Moody’s was positively buoyant about GM’s prospects:
GM is entering a robust phase of its new product introduction cycle in North America, and market response has been positive. Moreover, we expect that market fundamentals of the US auto sector will remain healthy, with industry shipments growing by 8.7% in 2013 and 2.9% in 2014, and minimal increases in incentive levels. … Including its joint venture operations, GM is one of the leading auto producers in China, with a share position of approximately 14%. This market accounts for about 30% of GM’s consolidated unit shipments and a significant portion of its earnings and cash flow. We expect that industry shipments of light vehicles in China will grow by about 10% in both 2013 and 2014. China affords GM with strong margins, good long-term growth prospects, and broad geographic diversification.
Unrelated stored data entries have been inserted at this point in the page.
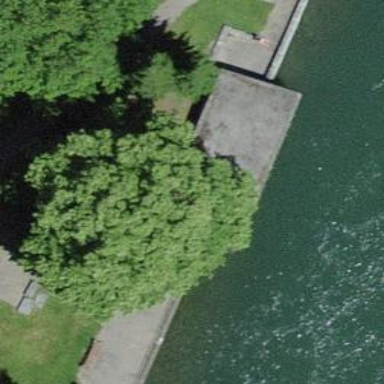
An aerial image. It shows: Boathouse with flat roof.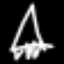
Label: The Eiffel Tower
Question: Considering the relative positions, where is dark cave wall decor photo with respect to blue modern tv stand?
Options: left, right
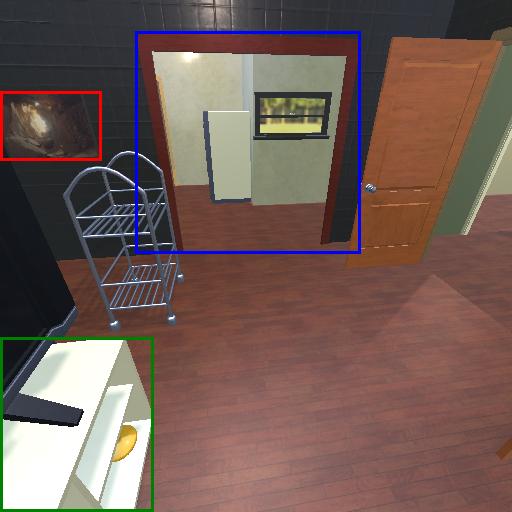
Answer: left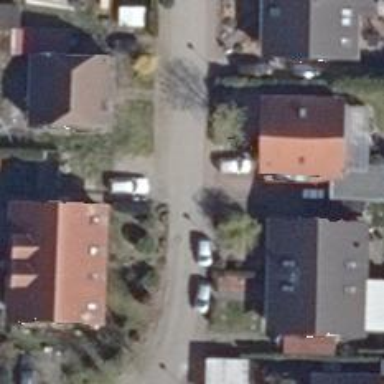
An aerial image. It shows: Living street.
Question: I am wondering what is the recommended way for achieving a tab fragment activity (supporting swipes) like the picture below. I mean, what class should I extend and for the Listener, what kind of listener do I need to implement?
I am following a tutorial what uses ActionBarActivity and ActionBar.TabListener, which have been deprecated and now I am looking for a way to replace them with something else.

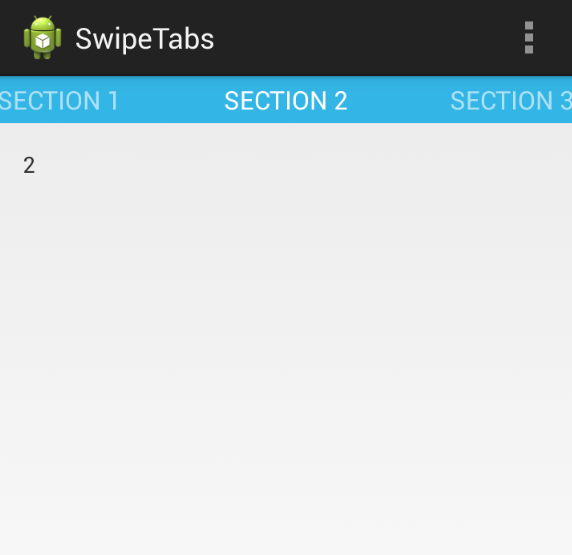
Answer: It seems that you have not understood its working completely. You should first know the difference between the Scroll tabs vs fixed tabs , if you have more then 3 tabs then You should use scroll able swipe tabs. But there are general procedure for these.
1. Make Fragments (So that you can change views when clicked on the tabs)
2. Create View Pager (if you are using fragments then you have two options a)FragmentStatePagerAdapter b)FragmentPagerAdapter )
3. Add titles inside pager
Now there you go you can use this adapter to change the views from left to right or right to left and as when the views get change you can change the selected tab and inversely when specific tab is selected you can navigate to specific view also.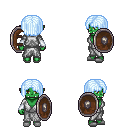
a pixel art fantasy rpg character, female body template, orc, green skin, white robe, white pants, white cyan pageboy hairstyle, white cloth bracers, white slippers, shield, four views (front, back, left, right), 2x2 character sprite sheet, small pixel art, hard edges, no anti-aliasing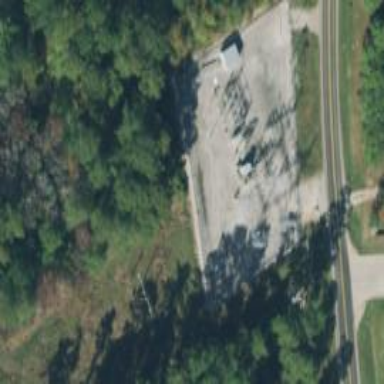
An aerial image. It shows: Outdoor power substation surrounded by fence. The substation is specifically for distribution purposes.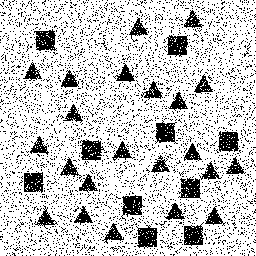
Squares: 10
Triangles: 22
Stars: 0
Total shapes: 32
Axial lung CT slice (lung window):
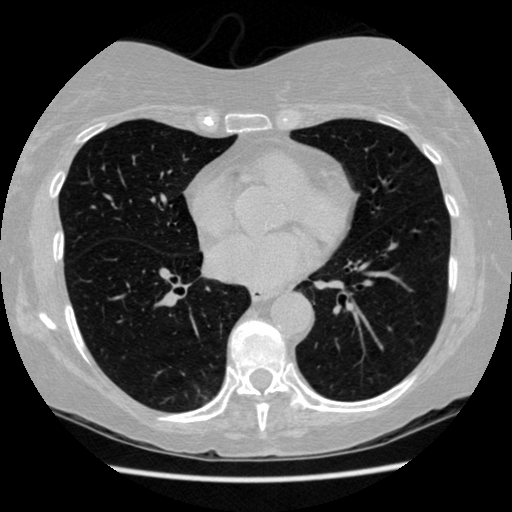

The automaker’s cash pile of $31 billion did not go unnoticed either. Moody’s did note that aggressive price competition from Japanese carmakers could be a risk to GM’s profitability if competitors like Toyota Motor Corp. (NYSE: TM) or Honda Motor Co. Ltd. (NYSE: HMC) should go after market share by reducing prices.
Both Standard & Poor’s and Fitch Ratings continue to rate GM debt at junk status. Ford Motor Co. (NYSE: F) saw its debt lifted out of junk status by Moody’s and Fitch last year.